#### WORK ITEM
An exact transcript is needed of the material below, beginning at the line that contains "Pleural effusion, left: 2" and continuing through its last line; nothing else should appear.

#### RECORD EXCERPTS
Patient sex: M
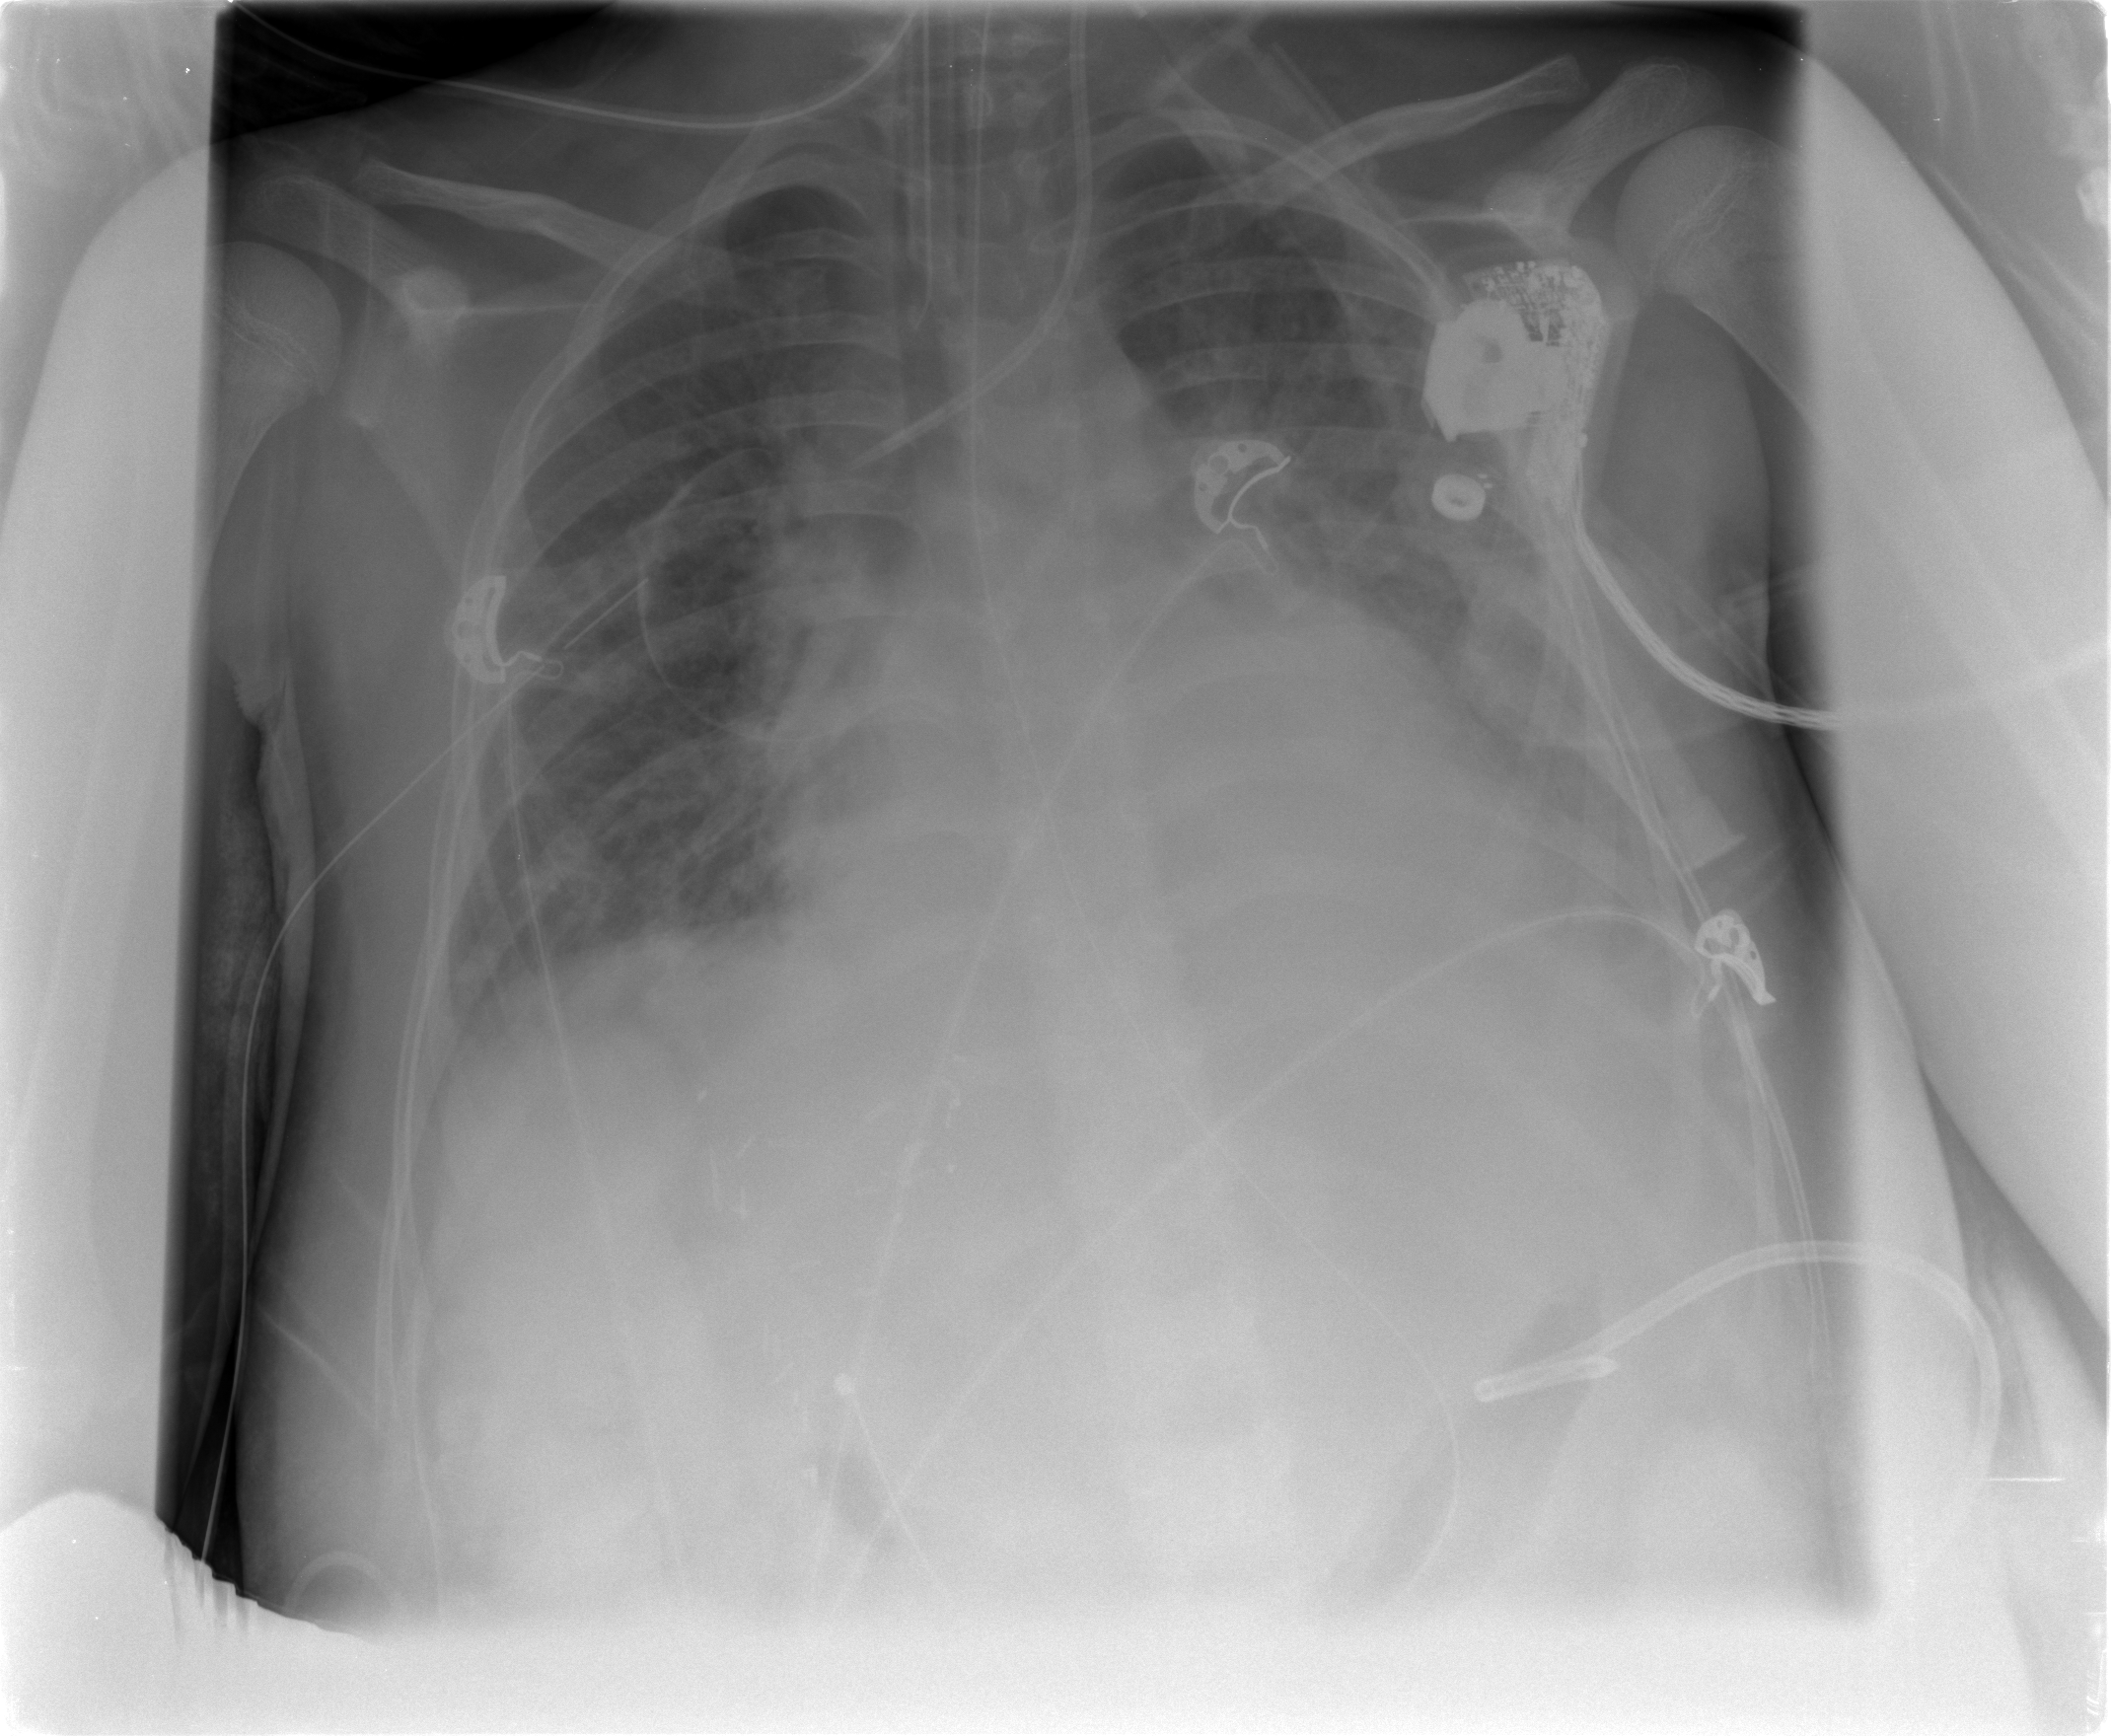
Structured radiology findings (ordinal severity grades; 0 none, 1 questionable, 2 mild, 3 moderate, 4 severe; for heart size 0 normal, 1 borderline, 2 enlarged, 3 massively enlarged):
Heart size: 1
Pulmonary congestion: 2
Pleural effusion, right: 1
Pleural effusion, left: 2
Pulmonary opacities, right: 3
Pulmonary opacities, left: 3
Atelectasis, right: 2
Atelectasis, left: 2

#### REPLY TO THE EXERCISE
Pleural effusion, left: 2
Pulmonary opacities, right: 3
Pulmonary opacities, left: 3
Atelectasis, right: 2
Atelectasis, left: 2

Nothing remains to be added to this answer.